I’m a bit late to the bandwagon (aren’t I always?) We’ve had family premium on Spotify for about six months now, and the whole experience is wonderful. I’d forgotten how much I like music, and how entwined my mood and music can be. New music at my finger tips and the ability to make playlists for every mood?  YES, PLEASE!! EVERY DAY ALL DAY LONG!  A couple weeks ago I ran across this little gem, and I’ve probably listened to it sixty-eight times since then. So now I share it with you, enjoy!

Remember to Breathe: Sharks, faith and other things with teeth

Speaking of forgetting, last night we were sitting in bed, scrolling through Netflix, as you do, and Hunky ran across a new BBC documentary. Sharks. I cannot overemphasize how much I love sharks. Jaws is my secret favorite movie. For my 34th birthday, Hunky gave me an hour in the shark tank at Sea World for my birthday, arguably the greatest gift ever. When we still had cable, I treated Shark Week like a liturgical holy week.

Sadly, it’s been awhile since I watched or listened or paid attention to anything, really, about sharks. If asked, I will passionately exclaim, I LOVE SHARKS! And I’ll be telling the truth, even if my passion is more dry and dusty ancient knowledge than hands on, heart on, messy, wet, toothsome experience.

But last night, I remembered. As I watched the ragged-tooth shark on my TV screen, I remembered, ghostly forms swimming towards me in a shark cage. Oxygen sighed loudly in my ears as my very breath flowed into me, rather than being excessively available. I remembered the echoing, ghostly quiet as I watched a world in which I was completely foreign carrying on beneath and around me, entranced as living dinosaurs examined me, possibly a bit more hungrily than I examined them.

I can’t remember the last time I experienced something so visceral and full of wonder.

In the safety of my bedroom, I listened to the narrator talk about eons of time, 400 million years, as light slanted through the water and mysterious, alien landscapes burst forth on screen. Not too long ago, I fought so hard against those numbers, needing to be certain, desperate to be right.  I’m not that person anymore, but stepping away from certainty and those prescribed faith tracks is a bit like stepping into a cage over shark infested water.

More than a few decades ago, I earned my scuba license in a highly-chlorinated, basement, college swimming pool. The highlight of this experience would be diving the Crystal River during a weekend trip to Florida.  I remember squeezing into my farmer johns and lowering myself into the water, spitting into my mask and finally, adjusting the regulator, the thing tethering me to life when I enter the unknown.

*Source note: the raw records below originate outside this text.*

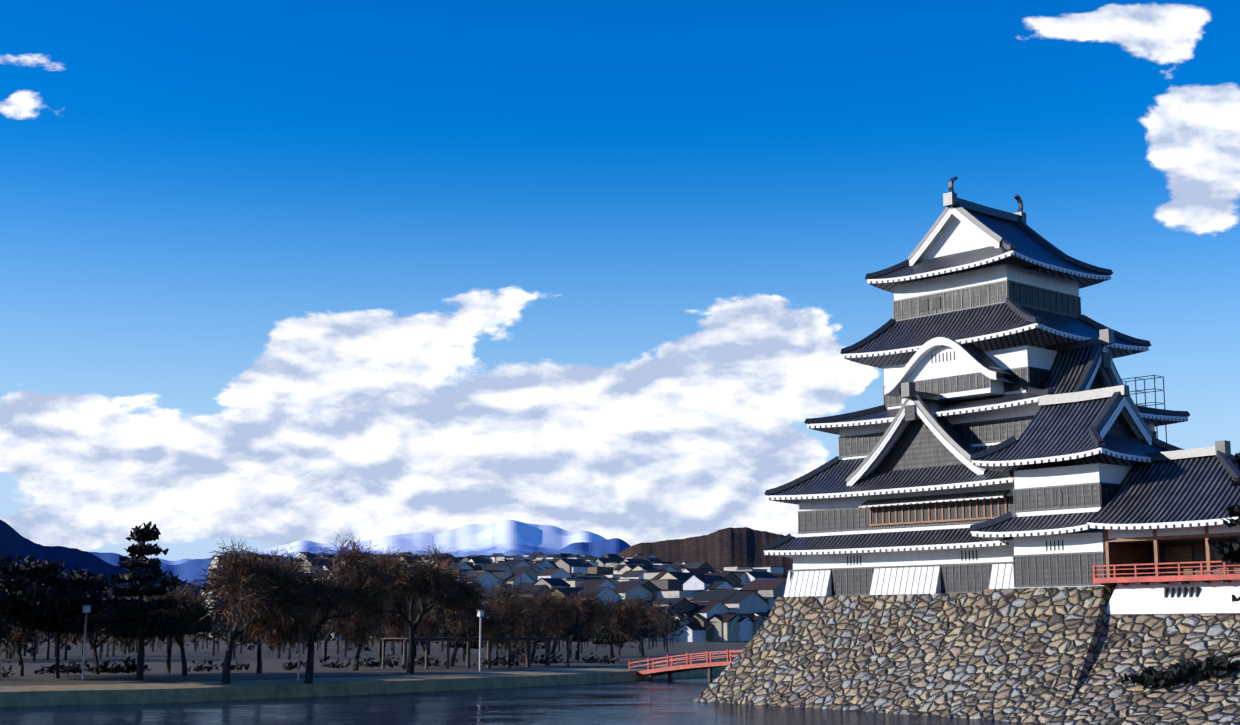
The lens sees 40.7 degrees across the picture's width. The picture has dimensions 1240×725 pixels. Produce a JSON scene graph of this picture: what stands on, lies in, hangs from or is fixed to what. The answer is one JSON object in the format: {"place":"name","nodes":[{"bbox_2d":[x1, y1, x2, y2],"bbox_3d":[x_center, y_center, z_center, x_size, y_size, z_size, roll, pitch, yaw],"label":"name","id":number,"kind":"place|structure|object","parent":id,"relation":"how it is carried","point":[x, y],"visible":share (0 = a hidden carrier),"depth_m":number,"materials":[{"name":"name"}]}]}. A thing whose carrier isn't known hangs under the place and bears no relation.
{"place":"outdoors","nodes":[
{"label":"outdoors","id":0,"kind":"place"},
{"bbox_2d":[0,520,202,599],"bbox_3d":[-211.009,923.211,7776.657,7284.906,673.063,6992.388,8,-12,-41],"label":"mountain","id":1,"kind":"structure","parent":0,"point":[13,542],"depth_m":6635.36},
{"bbox_2d":[90,538,630,586],"bbox_3d":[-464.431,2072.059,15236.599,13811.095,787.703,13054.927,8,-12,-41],"label":"mountain","id":2,"kind":"structure","parent":0,"point":[187,570],"depth_m":13548.12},
{"bbox_2d":[0,595,748,706],"bbox_3d":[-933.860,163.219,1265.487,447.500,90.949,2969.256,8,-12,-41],"label":"park ground","id":3,"kind":"structure","parent":0,"point":[274,679],"depth_m":125.31,"materials":[{"name":"soil"}]},
{"bbox_2d":[81,605,483,680],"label":"lamp posts","id":4,"kind":"object","parent":3,"relation":"on","point":[85,609],"visible":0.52,"depth_m":105.22,"materials":[{"name":"metal"}]},
{"bbox_2d":[0,532,690,683],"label":"park trees","id":5,"kind":"object","parent":3,"relation":"on","point":[271,585],"depth_m":118.06,"materials":[{"name":"brown plant"}]},
{"bbox_2d":[0,521,685,677],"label":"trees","id":6,"kind":"object","parent":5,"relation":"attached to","point":[64,596],"visible":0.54,"depth_m":105.68,"materials":[{"name":"green plant"}]},
{"bbox_2d":[381,637,571,669],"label":"park pergola","id":7,"kind":"object","parent":3,"relation":"on","point":[547,640],"visible":0.79,"depth_m":139.99,"materials":[{"name":"paint"}]},
{"bbox_2d":[197,552,786,641],"bbox_3d":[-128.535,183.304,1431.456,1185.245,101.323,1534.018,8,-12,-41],"label":"town houses","id":8,"kind":"structure","parent":3,"relation":"on","point":[732,604],"depth_m":696.60,"materials":[{"name":"paint"}]},
{"bbox_2d":[149,520,605,564],"bbox_3d":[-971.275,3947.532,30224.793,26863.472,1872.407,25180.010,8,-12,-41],"label":"snowy mountains","id":9,"kind":"structure","parent":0,"point":[508,537],"depth_m":27156.69,"materials":[{"name":"white snow"}]},
{"bbox_2d":[0,676,1051,724],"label":"moat water","id":10,"kind":"structure","parent":0,"point":[662,701],"depth_m":83.84,"materials":[{"name":"blue liquid"}]},
{"bbox_2d":[0,0,1239,560],"label":"sky","id":11,"kind":"structure","parent":0,"point":[273,273],"materials":[{"name":"blue"}]},
{"bbox_2d":[618,527,795,575],"bbox_3d":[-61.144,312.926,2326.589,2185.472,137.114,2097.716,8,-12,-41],"label":"wooded hill","id":12,"kind":"structure","parent":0,"point":[720,549],"depth_m":2006.72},
{"label":"ground surface","id":13,"kind":"structure","parent":0,"visible":0},
{"bbox_2d":[629,649,741,681],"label":"red bridge","id":14,"kind":"structure","parent":13,"relation":"on","point":[670,671],"depth_m":138.25,"materials":[{"name":"paint"}]},
{"bbox_2d":[693,593,980,712],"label":"keep stone base","id":15,"kind":"object","parent":13,"relation":"on","point":[875,653],"visible":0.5,"depth_m":91.00,"materials":[{"name":"beige stone"}]},
{"bbox_2d":[763,177,1189,596],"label":"castle keep","id":16,"kind":"structure","parent":15,"relation":"on","point":[986,336],"depth_m":95.03,"materials":[{"name":"paint"}]},
{"bbox_2d":[1122,375,1166,442],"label":"scaffolding","id":17,"kind":"object","parent":16,"relation":"on","point":[1145,392],"visible":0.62,"depth_m":99.39,"materials":[{"name":"metal"}]},
{"bbox_2d":[890,586,1115,720],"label":"stone base","id":18,"kind":"object","parent":13,"relation":"on","point":[1005,653],"visible":0.6,"depth_m":79.81,"materials":[{"name":"beige stone"}]},
{"bbox_2d":[1002,614,1239,724],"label":"stone wall","id":19,"kind":"structure","parent":13,"relation":"on","point":[1128,646],"depth_m":72.72,"materials":[{"name":"beige stone"}]},
{"bbox_2d":[969,385,1239,614],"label":"castle turret","id":20,"kind":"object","parent":19,"relation":"on","point":[1154,508],"visible":0.96,"depth_m":81.38,"materials":[{"name":"paint"}]},
{"bbox_2d":[1121,451,1239,688],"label":"tree","id":21,"kind":"object","parent":19,"relation":"on","point":[1183,670],"depth_m":69.97,"materials":[{"name":"plant"}]}
]}

The first time you lower yourself into the water you think, I can’t believe all of this is here, all the time. All this beauty and miracle going on all around me, and I didn’t even know it.  The next thing you think is Breathe. Don’t forget to breathe. Keep breathing. In and out.  Because while you are swept up in this utterly novel and foreign universe, your mind is yelling. You are in a place you don’t belong and cannot survive. It’s desperately trying to convince you if you breathe in, you will die.

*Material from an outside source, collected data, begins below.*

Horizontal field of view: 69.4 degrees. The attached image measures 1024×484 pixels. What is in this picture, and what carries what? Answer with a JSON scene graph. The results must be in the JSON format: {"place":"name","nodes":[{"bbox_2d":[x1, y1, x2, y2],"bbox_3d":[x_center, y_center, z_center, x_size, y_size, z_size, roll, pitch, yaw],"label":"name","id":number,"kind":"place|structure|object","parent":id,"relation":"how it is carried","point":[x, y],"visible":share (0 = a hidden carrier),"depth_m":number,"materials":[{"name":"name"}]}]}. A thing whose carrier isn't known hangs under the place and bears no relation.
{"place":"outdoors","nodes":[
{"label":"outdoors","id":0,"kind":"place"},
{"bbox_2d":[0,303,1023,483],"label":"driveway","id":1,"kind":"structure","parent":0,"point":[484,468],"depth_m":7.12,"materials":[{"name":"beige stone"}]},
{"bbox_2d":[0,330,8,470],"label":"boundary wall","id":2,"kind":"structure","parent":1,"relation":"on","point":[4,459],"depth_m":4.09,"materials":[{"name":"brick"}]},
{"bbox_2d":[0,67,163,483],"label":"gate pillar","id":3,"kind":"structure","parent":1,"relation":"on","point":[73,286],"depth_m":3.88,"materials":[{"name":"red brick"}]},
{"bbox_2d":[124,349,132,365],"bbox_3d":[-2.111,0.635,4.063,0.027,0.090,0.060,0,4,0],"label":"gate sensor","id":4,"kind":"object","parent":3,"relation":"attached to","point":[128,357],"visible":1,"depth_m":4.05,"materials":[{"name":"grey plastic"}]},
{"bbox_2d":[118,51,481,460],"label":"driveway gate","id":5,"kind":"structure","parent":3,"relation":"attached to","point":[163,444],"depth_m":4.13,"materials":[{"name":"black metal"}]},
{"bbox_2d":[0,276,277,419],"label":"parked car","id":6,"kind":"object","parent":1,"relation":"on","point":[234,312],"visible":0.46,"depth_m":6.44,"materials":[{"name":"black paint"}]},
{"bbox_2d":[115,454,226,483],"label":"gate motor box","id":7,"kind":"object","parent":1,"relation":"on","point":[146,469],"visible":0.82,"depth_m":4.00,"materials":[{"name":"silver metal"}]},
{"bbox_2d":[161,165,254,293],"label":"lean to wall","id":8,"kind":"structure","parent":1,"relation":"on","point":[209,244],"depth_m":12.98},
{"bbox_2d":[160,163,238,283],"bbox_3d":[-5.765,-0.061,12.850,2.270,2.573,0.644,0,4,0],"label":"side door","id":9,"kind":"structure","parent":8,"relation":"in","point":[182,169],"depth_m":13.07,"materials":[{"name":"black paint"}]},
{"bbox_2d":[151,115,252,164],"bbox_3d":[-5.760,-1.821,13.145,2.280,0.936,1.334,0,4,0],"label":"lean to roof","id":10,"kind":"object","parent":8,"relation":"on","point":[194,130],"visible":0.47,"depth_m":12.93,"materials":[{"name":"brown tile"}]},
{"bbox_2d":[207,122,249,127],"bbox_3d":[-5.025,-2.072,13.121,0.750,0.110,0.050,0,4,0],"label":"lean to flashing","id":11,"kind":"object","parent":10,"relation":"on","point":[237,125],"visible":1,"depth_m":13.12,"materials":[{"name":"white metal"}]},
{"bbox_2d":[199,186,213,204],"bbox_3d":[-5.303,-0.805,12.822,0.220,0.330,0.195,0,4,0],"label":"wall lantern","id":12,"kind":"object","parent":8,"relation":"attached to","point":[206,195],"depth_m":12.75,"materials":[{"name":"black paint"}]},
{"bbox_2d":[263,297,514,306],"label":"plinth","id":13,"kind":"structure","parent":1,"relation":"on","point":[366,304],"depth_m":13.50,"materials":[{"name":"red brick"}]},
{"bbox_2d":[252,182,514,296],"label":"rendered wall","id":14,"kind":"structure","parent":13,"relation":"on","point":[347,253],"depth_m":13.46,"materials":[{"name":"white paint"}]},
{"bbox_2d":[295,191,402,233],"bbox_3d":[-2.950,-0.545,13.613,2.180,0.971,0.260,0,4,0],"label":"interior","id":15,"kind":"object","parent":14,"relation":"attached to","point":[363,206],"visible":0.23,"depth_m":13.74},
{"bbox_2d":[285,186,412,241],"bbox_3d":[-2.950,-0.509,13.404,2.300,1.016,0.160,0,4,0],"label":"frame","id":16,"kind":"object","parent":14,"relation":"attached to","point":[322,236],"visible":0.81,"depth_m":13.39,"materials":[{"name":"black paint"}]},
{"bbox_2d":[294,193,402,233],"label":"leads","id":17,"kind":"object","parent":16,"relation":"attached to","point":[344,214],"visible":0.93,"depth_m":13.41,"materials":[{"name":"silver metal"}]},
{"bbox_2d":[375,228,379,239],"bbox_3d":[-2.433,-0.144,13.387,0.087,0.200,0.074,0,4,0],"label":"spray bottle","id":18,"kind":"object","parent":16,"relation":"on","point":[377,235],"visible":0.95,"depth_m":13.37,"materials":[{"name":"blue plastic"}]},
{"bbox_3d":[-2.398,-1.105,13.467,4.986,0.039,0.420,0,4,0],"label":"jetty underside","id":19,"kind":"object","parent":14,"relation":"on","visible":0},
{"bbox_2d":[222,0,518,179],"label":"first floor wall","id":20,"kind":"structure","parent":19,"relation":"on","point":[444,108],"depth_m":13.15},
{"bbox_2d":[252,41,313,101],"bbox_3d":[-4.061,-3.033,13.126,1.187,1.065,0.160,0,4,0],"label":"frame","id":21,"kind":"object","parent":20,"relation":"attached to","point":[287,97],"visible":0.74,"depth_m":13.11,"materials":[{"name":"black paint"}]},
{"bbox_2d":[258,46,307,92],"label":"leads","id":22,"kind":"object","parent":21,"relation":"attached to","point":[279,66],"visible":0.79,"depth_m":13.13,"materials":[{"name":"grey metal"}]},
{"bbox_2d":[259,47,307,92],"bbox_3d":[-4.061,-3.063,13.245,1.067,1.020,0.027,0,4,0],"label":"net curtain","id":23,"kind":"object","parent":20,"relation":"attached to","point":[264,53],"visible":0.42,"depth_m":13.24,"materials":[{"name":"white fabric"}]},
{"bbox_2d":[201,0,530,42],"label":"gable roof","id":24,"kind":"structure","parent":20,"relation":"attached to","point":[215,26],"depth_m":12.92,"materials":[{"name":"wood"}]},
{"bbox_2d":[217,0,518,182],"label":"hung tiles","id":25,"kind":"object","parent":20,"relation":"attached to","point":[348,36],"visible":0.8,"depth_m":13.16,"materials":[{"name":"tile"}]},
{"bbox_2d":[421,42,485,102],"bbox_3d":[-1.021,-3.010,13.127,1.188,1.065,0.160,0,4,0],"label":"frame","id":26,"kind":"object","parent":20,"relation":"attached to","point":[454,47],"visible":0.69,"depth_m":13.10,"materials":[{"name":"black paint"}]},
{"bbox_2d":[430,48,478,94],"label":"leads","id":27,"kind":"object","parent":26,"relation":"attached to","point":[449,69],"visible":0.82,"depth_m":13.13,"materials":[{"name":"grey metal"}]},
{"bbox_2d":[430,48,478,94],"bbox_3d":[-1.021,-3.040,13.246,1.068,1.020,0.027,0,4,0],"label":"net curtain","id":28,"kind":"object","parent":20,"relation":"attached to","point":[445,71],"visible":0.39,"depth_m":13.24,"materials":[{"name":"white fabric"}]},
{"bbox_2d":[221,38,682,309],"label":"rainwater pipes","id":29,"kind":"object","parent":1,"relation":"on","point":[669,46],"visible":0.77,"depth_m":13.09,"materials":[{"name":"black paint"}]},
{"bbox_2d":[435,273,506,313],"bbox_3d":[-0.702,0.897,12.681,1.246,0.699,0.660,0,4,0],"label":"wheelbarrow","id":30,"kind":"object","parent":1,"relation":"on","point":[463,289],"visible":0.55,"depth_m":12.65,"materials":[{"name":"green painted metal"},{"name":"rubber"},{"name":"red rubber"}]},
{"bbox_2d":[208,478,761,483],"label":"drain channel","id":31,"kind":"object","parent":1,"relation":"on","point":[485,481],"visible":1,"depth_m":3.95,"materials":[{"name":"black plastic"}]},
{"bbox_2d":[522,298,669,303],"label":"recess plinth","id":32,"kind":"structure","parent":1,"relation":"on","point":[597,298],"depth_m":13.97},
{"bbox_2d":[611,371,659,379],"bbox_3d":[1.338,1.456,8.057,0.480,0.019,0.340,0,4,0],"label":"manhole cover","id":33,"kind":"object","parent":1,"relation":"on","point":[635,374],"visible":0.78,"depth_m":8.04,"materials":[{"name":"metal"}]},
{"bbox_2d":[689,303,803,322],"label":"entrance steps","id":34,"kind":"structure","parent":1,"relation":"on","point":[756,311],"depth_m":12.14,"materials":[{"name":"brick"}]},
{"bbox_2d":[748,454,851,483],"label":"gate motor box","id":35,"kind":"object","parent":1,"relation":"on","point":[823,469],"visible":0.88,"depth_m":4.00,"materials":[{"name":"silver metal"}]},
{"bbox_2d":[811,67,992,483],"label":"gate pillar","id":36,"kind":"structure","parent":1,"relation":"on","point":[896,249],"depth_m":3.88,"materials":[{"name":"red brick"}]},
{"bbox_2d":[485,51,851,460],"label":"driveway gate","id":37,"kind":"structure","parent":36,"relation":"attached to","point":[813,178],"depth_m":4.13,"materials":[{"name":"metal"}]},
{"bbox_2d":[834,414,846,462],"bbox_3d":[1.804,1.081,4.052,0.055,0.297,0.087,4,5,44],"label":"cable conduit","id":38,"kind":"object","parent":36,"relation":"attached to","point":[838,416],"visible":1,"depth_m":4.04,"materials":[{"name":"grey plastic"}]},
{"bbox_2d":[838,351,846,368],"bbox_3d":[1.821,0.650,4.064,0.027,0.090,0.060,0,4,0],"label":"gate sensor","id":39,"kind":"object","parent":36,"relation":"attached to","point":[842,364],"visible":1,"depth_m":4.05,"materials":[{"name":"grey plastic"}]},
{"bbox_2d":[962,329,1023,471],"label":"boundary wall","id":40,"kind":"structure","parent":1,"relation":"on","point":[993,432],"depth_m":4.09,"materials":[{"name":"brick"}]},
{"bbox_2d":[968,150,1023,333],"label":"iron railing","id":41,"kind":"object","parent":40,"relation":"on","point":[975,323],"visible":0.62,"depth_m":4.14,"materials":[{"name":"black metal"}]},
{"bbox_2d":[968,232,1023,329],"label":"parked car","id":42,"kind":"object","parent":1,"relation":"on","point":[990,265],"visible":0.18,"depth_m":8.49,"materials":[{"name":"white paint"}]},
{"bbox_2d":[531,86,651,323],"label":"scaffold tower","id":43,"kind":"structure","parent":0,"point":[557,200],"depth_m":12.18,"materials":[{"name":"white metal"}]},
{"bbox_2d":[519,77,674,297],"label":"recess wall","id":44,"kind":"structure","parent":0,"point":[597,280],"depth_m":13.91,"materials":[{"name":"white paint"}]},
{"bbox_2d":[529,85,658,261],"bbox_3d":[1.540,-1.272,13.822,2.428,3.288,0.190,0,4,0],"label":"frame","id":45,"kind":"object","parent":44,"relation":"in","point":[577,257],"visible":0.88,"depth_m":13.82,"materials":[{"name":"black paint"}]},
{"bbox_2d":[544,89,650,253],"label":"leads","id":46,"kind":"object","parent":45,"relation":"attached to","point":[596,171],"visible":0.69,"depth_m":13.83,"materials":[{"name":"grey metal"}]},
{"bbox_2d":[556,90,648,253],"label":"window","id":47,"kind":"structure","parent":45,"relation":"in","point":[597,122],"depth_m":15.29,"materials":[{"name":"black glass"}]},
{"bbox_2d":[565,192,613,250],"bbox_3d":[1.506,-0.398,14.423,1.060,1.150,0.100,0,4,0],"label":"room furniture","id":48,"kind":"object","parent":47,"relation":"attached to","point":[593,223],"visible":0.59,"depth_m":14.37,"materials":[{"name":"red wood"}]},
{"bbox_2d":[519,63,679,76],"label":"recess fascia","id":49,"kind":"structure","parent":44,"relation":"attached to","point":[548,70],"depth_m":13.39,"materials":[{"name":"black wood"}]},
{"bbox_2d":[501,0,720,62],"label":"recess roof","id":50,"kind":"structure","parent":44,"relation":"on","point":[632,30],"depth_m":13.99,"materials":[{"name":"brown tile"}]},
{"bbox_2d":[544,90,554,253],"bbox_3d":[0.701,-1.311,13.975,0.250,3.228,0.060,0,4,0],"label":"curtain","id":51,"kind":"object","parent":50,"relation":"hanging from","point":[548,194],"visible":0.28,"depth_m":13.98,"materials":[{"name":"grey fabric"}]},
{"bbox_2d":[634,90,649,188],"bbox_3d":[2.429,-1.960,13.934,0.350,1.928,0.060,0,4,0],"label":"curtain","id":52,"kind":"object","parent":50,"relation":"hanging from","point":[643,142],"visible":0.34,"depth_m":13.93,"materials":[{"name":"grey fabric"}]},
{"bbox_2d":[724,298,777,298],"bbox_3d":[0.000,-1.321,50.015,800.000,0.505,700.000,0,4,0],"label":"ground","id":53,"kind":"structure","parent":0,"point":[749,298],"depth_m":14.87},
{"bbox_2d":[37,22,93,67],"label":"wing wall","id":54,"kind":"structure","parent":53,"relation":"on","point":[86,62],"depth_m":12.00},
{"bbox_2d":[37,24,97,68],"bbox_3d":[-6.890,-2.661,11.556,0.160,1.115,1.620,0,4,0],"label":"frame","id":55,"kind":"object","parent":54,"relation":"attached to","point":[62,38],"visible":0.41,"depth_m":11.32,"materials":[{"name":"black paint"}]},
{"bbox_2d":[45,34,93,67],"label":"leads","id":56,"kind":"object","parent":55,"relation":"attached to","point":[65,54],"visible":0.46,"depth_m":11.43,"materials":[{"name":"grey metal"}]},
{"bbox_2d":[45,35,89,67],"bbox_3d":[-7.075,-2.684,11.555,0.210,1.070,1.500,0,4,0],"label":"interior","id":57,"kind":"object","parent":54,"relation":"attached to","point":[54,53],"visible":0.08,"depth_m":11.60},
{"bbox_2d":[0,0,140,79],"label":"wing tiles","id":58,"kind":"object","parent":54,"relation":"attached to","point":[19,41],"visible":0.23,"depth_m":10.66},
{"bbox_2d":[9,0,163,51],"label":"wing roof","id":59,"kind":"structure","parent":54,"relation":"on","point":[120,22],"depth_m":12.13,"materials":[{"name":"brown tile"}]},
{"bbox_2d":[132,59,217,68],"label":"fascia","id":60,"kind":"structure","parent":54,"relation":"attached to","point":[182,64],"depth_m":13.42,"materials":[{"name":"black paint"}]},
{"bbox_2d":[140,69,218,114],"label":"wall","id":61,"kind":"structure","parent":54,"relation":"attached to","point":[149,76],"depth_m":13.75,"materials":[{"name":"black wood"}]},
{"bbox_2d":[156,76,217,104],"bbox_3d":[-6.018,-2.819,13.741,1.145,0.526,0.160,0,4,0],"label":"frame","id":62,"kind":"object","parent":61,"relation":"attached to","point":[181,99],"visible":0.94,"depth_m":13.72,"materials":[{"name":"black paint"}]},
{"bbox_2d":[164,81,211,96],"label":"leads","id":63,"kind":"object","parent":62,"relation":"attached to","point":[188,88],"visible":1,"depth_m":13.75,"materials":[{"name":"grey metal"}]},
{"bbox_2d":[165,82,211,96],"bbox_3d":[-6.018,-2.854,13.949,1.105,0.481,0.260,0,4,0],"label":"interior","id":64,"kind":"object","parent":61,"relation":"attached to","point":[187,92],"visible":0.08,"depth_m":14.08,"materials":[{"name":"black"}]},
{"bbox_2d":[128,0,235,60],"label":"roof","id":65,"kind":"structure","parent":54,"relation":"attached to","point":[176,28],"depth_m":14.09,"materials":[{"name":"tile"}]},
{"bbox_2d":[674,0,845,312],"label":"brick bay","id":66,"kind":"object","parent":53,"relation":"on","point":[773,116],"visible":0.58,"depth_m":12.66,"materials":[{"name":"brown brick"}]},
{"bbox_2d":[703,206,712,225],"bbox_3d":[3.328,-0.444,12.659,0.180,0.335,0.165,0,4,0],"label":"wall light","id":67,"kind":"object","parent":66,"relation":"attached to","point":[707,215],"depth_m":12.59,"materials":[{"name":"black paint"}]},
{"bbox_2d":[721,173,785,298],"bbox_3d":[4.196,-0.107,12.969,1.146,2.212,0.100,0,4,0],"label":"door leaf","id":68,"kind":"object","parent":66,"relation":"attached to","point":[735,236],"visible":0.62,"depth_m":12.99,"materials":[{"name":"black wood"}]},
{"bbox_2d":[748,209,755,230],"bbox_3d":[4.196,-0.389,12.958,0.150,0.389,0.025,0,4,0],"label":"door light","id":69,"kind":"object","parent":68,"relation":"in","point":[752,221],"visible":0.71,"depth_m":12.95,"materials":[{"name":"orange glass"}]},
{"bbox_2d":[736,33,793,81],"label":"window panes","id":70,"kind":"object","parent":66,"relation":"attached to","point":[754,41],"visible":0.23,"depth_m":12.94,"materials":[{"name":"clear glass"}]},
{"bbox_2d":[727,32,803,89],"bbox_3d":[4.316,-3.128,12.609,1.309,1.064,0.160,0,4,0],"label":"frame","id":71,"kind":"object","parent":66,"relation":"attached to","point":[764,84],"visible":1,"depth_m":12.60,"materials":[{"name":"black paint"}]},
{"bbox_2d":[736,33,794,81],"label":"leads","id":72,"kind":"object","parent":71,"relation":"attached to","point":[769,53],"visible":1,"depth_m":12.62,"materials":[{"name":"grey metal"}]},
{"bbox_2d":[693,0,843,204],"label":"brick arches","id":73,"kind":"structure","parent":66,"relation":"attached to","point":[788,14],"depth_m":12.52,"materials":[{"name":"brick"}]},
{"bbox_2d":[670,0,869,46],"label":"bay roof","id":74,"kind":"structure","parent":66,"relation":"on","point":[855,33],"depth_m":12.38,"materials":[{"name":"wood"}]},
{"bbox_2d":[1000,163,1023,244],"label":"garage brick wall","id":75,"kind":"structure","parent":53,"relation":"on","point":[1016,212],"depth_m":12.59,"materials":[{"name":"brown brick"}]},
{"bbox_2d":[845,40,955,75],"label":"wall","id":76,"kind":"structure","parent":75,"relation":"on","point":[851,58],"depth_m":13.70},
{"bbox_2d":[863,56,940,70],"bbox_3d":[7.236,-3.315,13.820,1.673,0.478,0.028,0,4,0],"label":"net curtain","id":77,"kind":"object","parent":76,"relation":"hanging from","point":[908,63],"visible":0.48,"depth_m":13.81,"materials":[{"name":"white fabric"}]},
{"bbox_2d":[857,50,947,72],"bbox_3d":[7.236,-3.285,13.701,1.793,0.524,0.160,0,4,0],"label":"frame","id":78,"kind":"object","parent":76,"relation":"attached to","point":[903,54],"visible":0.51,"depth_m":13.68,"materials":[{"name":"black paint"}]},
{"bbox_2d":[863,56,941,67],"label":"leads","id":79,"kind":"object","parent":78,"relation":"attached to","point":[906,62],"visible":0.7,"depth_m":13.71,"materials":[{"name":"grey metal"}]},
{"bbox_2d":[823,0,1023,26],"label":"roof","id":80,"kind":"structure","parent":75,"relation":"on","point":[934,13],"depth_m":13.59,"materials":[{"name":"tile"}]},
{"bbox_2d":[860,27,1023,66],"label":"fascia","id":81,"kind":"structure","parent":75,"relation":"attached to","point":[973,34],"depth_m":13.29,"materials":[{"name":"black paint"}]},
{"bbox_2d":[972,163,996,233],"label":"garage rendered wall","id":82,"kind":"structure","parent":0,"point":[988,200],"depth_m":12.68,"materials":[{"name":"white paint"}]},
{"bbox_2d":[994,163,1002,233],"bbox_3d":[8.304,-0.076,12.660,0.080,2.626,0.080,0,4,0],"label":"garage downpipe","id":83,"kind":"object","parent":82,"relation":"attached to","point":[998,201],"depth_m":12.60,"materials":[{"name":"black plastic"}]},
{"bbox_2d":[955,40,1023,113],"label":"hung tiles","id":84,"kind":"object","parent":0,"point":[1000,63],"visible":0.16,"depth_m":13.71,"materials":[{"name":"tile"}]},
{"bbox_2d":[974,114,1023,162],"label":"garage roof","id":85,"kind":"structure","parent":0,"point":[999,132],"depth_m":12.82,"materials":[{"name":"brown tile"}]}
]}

During this dive in the Crystal River an alligator gar decided he wanted my mask for himself. He tried to take it from my face using only his teeth. In the moment I was terrified. Now I remember it as one of the most thrilling and unexpected moments in my life.

Faith is like this sometimes, too, entirely beautiful and safe inside the boat. You can go places you’ve never been and see things you’ve never seen before. It’s all completely safe as long as you stay inside the boat.  But underneath is completely different, beautiful and ancient, and mostly hidden beneath the surface.  Always there, as real as air and sunlight and flotation devices in case of emergency.  We can enter into it if we wish and see other, deeper things we’ve never seen. It feels lonely at first, but soon hosts of living creatures swim around us, as curious of us as we are of them. Some of them, maybe, a little dangerous.

It’s an experience both visceral and full of wonder. I have to keep reminding myself that it’s ok to breathe.